Archive for June 4th, 2009
Just a blip but still pretty good
Yes, it was a blip. Back up this morning, but down 1% on last week. Wouldn’t it be great if I could lose 1% body fat every week for 12 weeks. Ah, I can dream.
Played badminton after work with some work colleagues today. Brilliant fun. I played a few months ago at a club when one of my pilates students invited me along, and I was completely rubbish. What I hadn’t really twigged to was that these people play at club level, and the newest member there had been playing twice a week for a year. Today, with people from work, I didn’t feel so rubbish – they were as bad as me! And after knocking about for half an hour, we doubled up and played a game, and my partner and I actually won. Brilliant. An hour was a good time. The clubs play for two hours which is a bit long for me. Mind you, when I played with them I was so puffed I was turning purple, and rotated on and off the court with every game. Today I played for an hour straight. Another example of how far I have come.

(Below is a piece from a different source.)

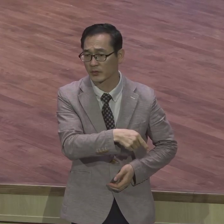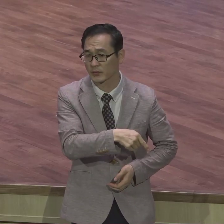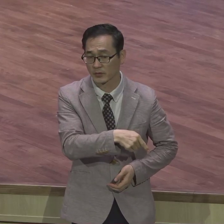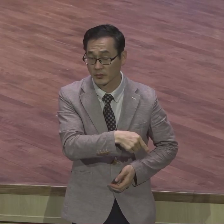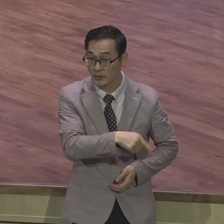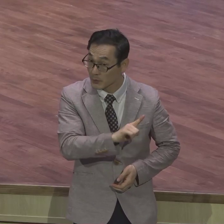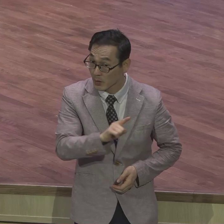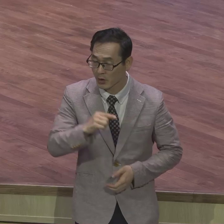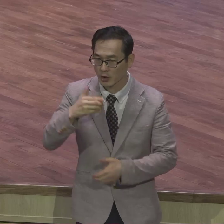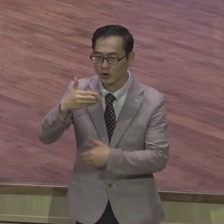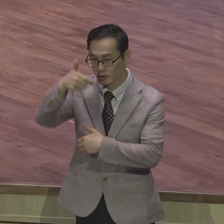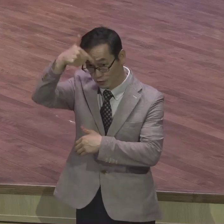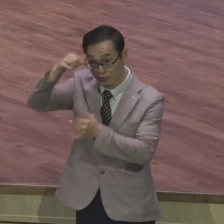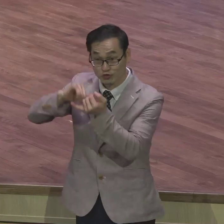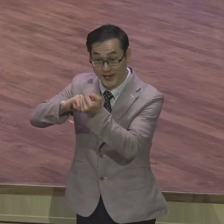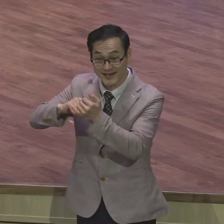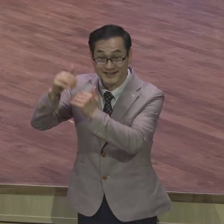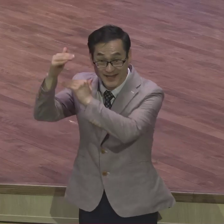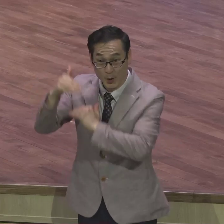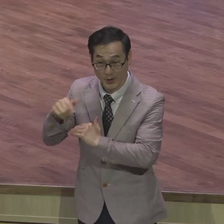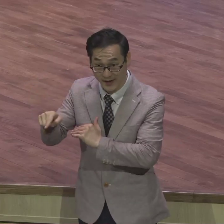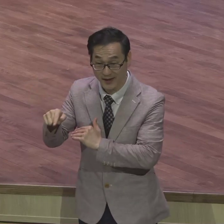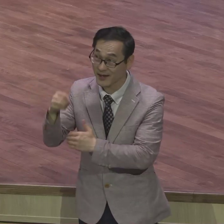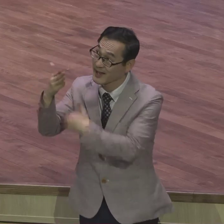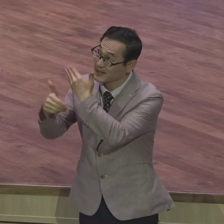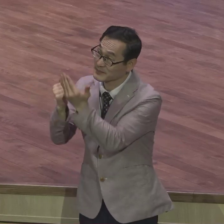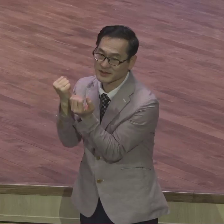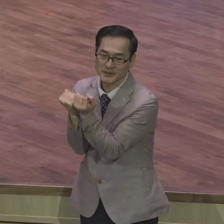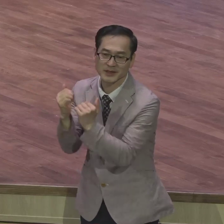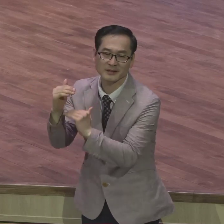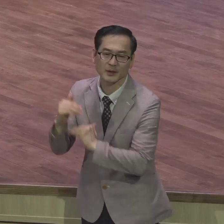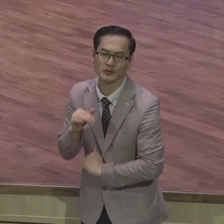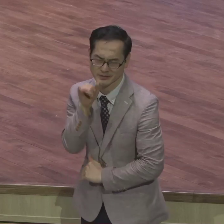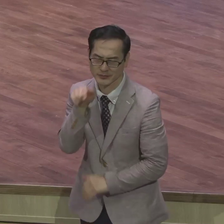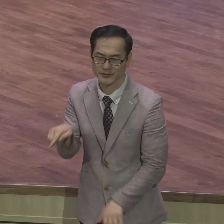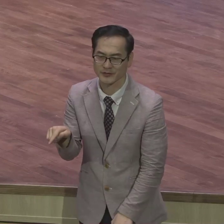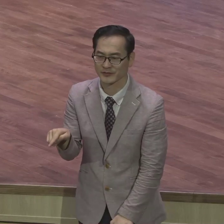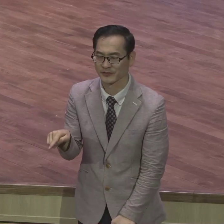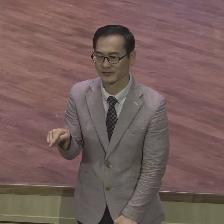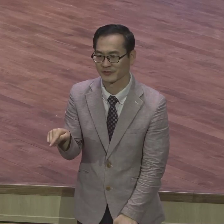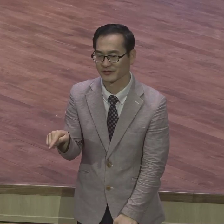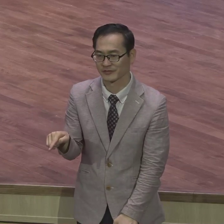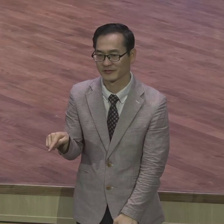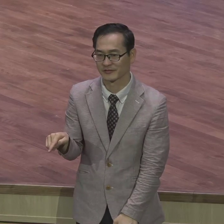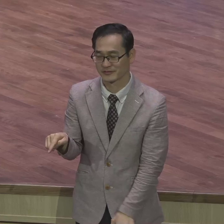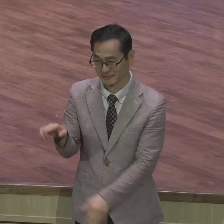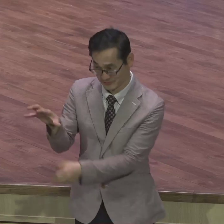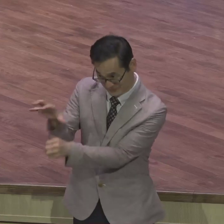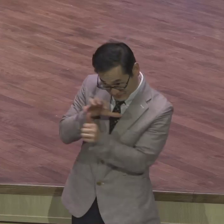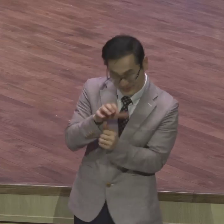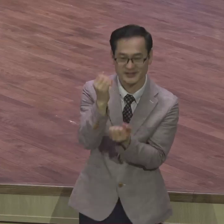거기서 발견할 수 있다라는 바울의 발견 당시 유대인들은 이런

Knee is bothering me a bit though. I’m trying to pretend it isn’t happening. I know I should probably stop running until the inflammation goes down and/or I lose some more weight. But I love it. I can see how people get addicted to it. LOL. Hark at me. Yesterday I ran for a total of 3 minutes in a 20 minute workout! Does that make me a runner now? I was having twinges before my workout and I knew I should have chosen another piece of exercise equipment. But the thought of doing RPE 9 intervals on the elliptical or bike just filled me with dread, whereas the prospect of six 30 second sprints seemed really fun!
It’s funny – I used to do weights because I enjoyed the process and cardio, which I loathed, because I had to to burn extra calories. Amazingly, and I would never have believed it possible, it is now the other way round. I do cardio because I really enjoy it, and put up with the weights because I need to improve my body composition and that is what is going to get me to the shape I want to be. But my heart sinks a little on resistance days. Just keep repeating my mantra: thinner, fitter and healthier; thinner, fitter and healthier. ‘night all.